There! Within the theme() function, we can change the plot title to bold, the background to blue, and get rid of the “minor” grid lines. theme() is a very versatile function. See the full list of elements here.

## 1.5 Going further

There are so many more plots you can make with R that we have not shown you yet. For example, you can create cool animations with the gganimate package, like this plot below.

You can make your plots interactive, using the plotly package. Remember, you need to load packages before you use them, so load library(plotly) if you want to make your own interactive plots. Example:

You can also create maps from census data, like this plot below.

## To enable
## caching of data, set options(tigris_use_cache = TRUE) in your R script or .Rprofile.

## 1.6 Summary

Tibbles are rectangular stores of data. They are a specific type of data frame, so we will use both terms interchangeably.

You need to practice every day.

Do not use pie charts.

Shield my eyes from your ugly messages and warning.

Each step in the pipe starts with a tibble and then, once it is done, produces a tibble. It is tibbles all the way down!

When your R code is behaving in a weird way, especially when it is “losing” rows, the problem is often solved by using ungroup() in the pipeline.

The two most important attributes of a distribution are its center and its variation around that center.

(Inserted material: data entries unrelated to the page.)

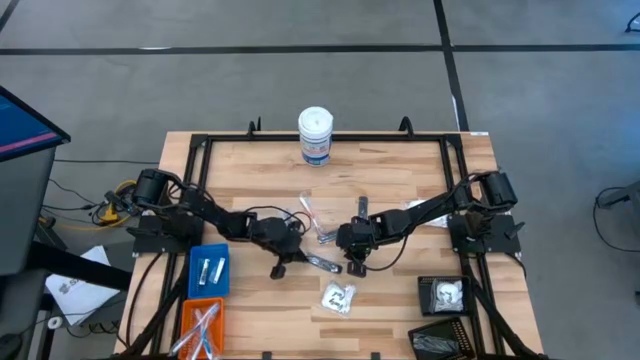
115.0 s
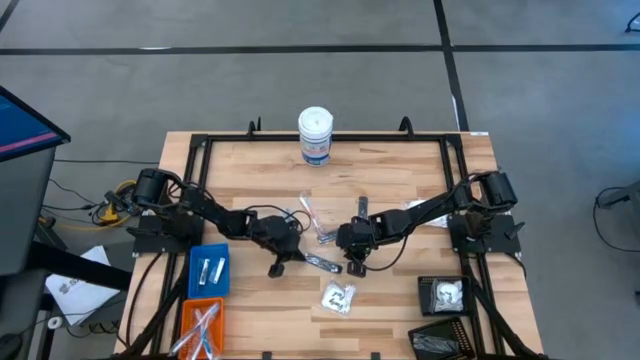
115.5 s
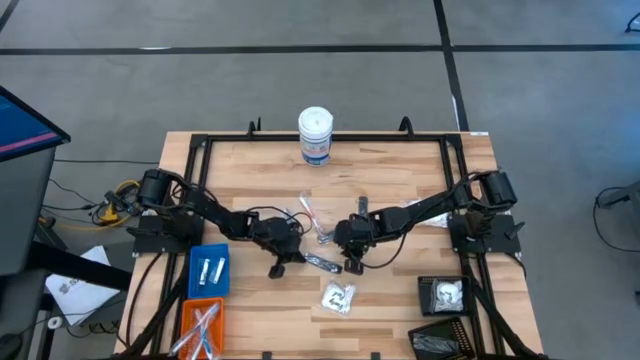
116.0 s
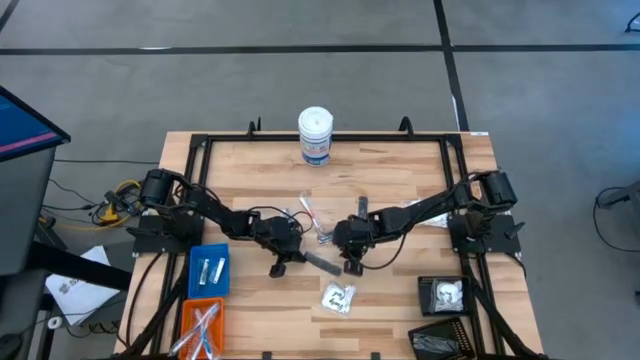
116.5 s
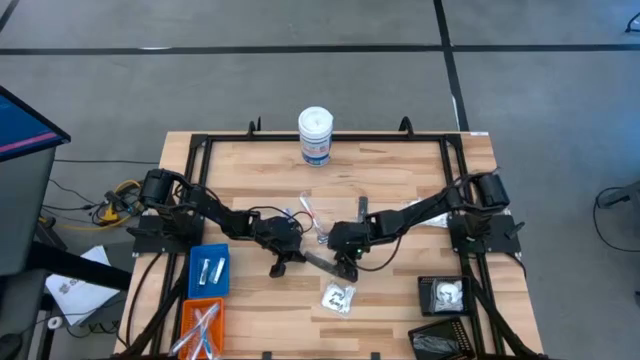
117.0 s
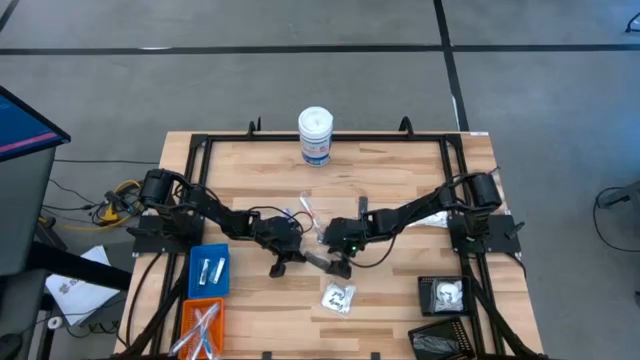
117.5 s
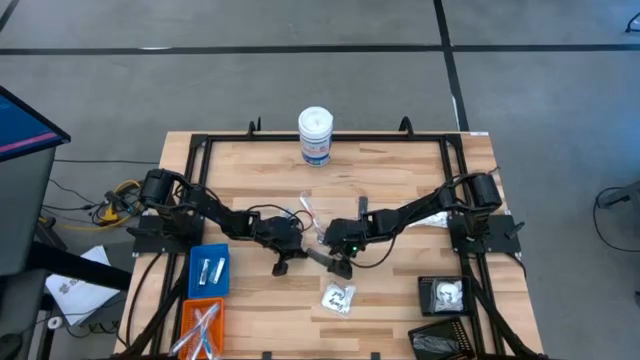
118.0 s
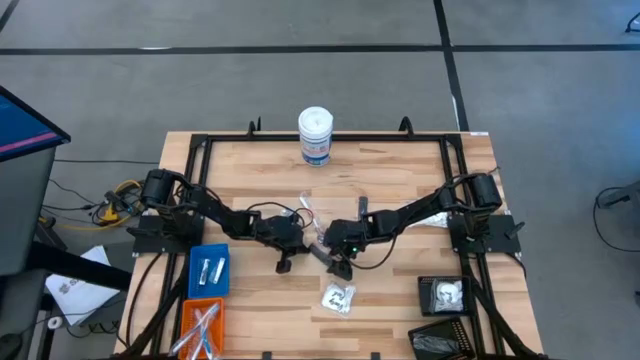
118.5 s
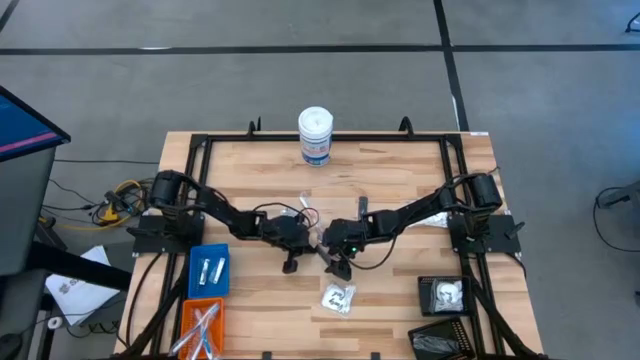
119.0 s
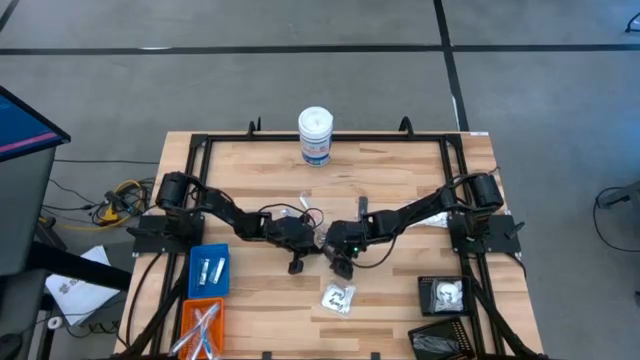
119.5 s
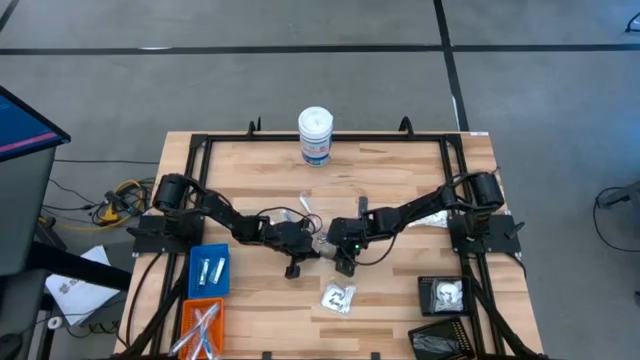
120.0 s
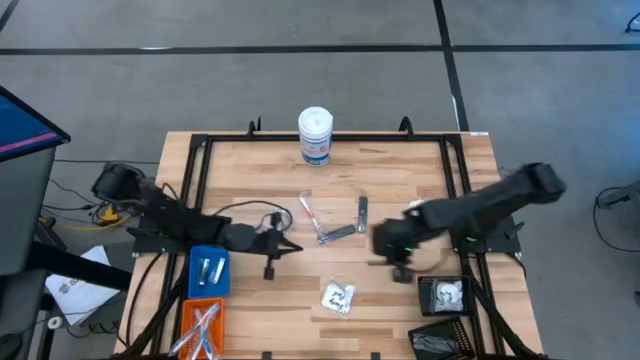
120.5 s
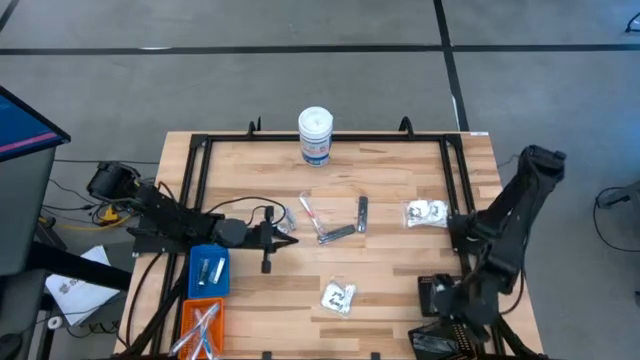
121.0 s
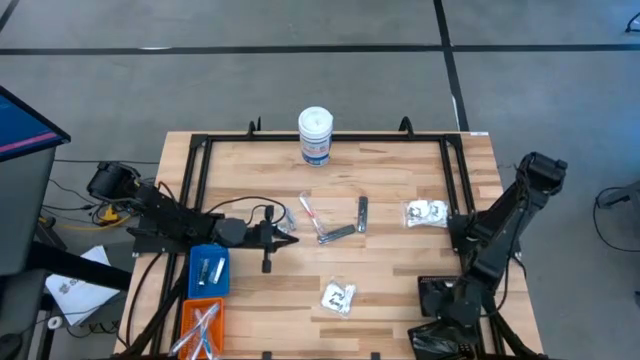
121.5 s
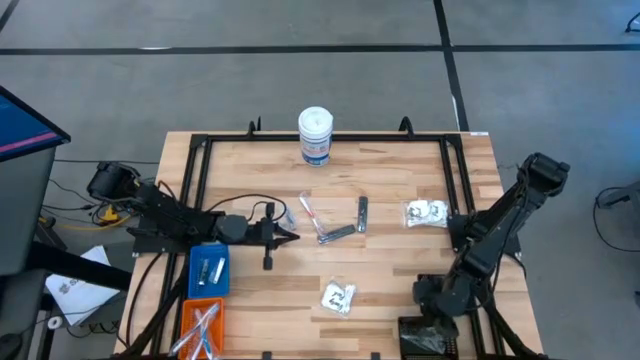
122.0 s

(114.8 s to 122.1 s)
Put the black comb into the bottom black bin
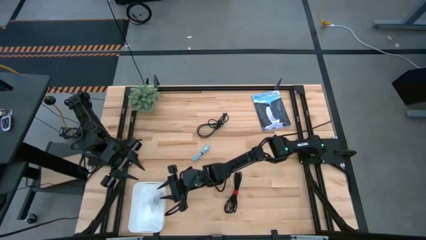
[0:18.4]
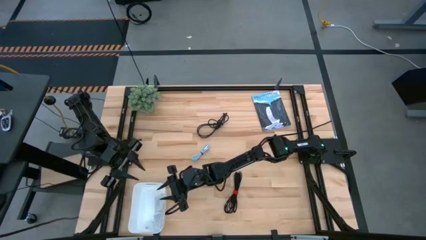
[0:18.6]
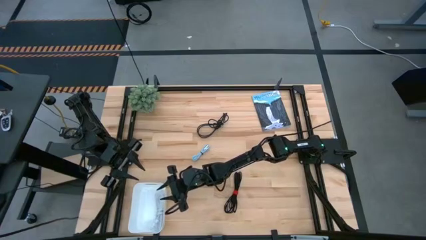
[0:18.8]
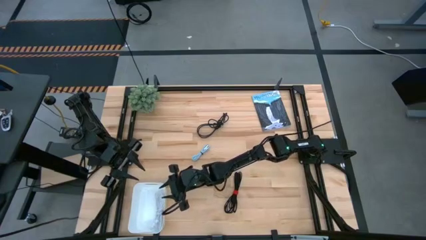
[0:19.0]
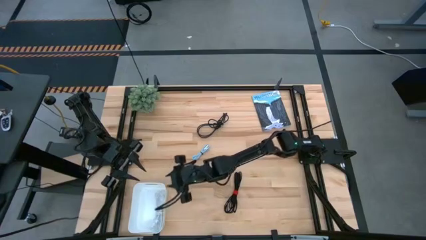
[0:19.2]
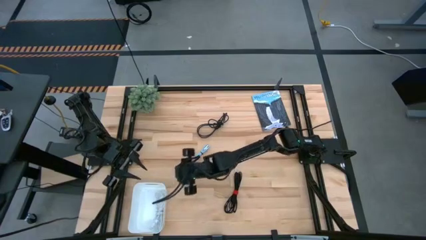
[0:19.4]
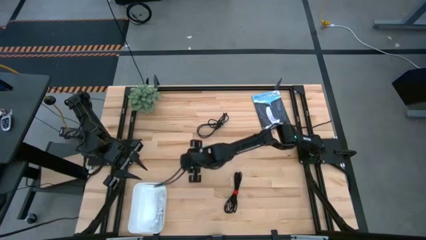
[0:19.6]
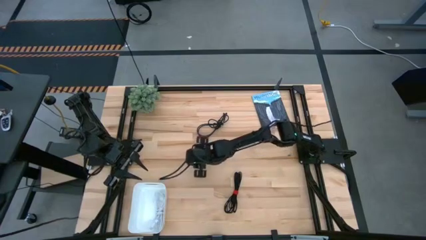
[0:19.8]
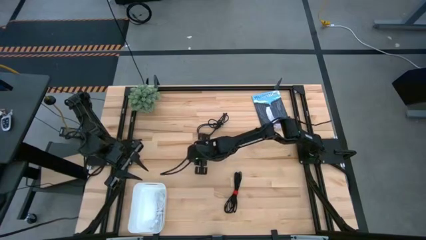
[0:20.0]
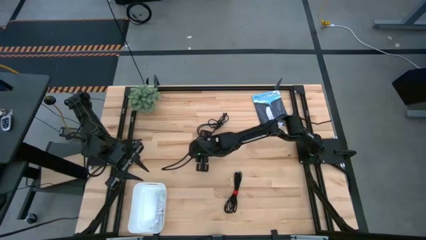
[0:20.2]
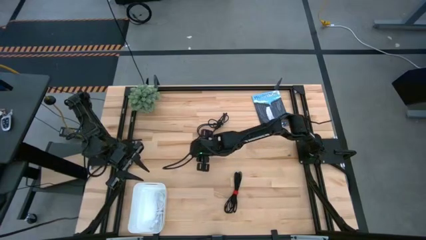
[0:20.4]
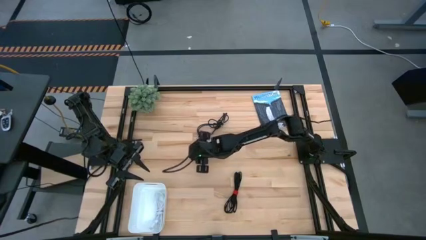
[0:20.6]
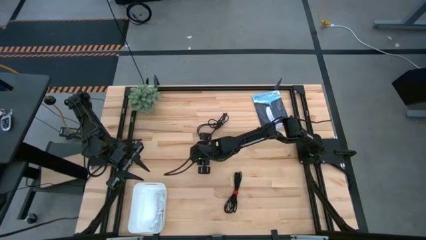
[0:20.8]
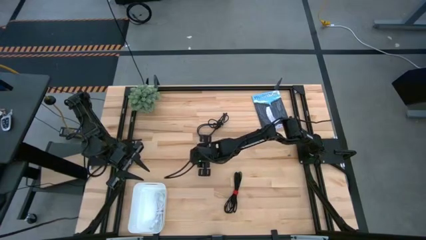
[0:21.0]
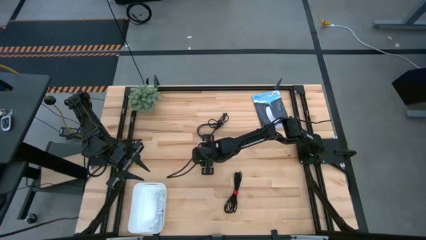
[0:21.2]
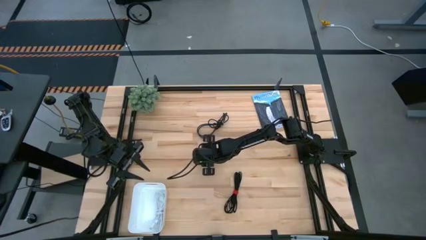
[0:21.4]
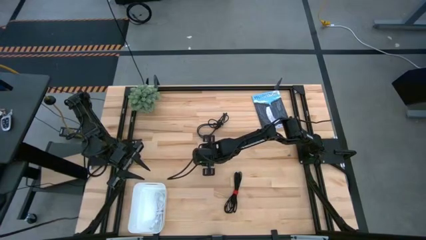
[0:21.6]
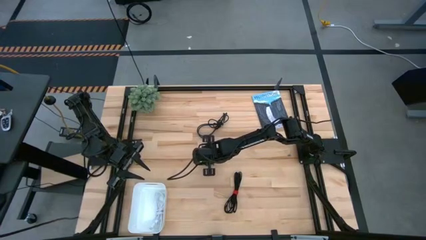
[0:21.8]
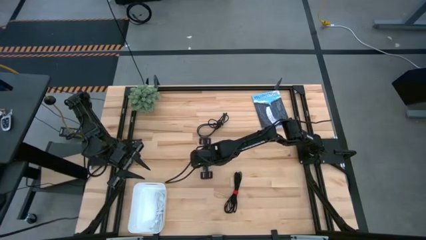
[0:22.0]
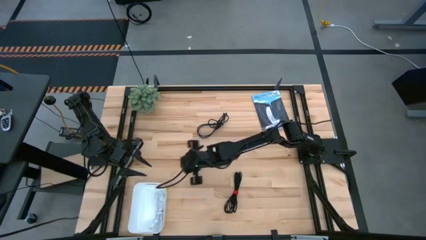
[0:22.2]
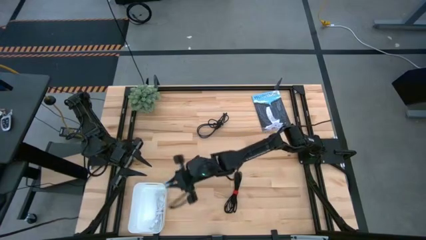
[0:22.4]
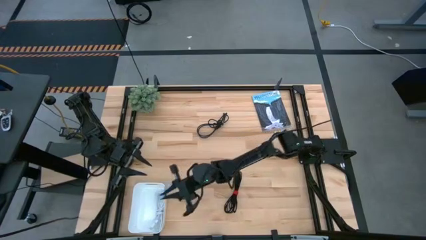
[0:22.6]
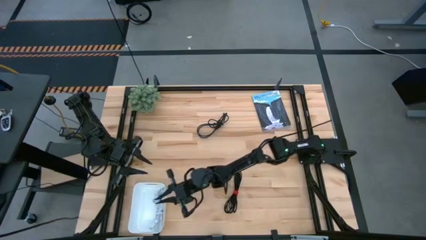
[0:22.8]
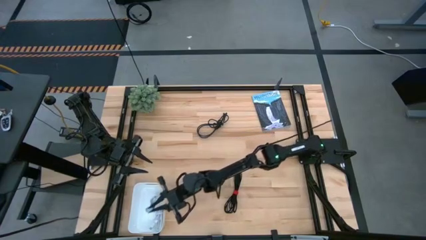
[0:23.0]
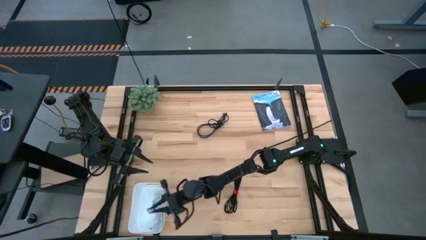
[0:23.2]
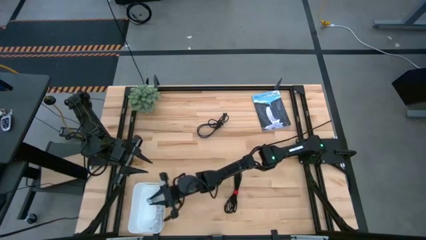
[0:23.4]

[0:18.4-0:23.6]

In this chapter, we first looked at basic coding terminology and concepts that we deal with when programming with R. We then learned about the three basic components that make up each plot: data, mapping, and one or more geoms. The ggplot2 package offers a wide range of geoms that we can use to create different types of plots. Next, we examined the “super package” tidyverse, which includes helpful tools for visualization. It also offers features for importing and manipulating data, which is the main topic of Chapter @(wrangling). Lastly, we explored advanced plotting features such as axis scaling, faceting, and themes.

Recall the plot we began the chapter with:

You now know enough to make plots like this by yourself.

A beautiful plot is just a collection of steps, each simple enough on its own. We have taught you (some of) these steps. Time to start walking on your own.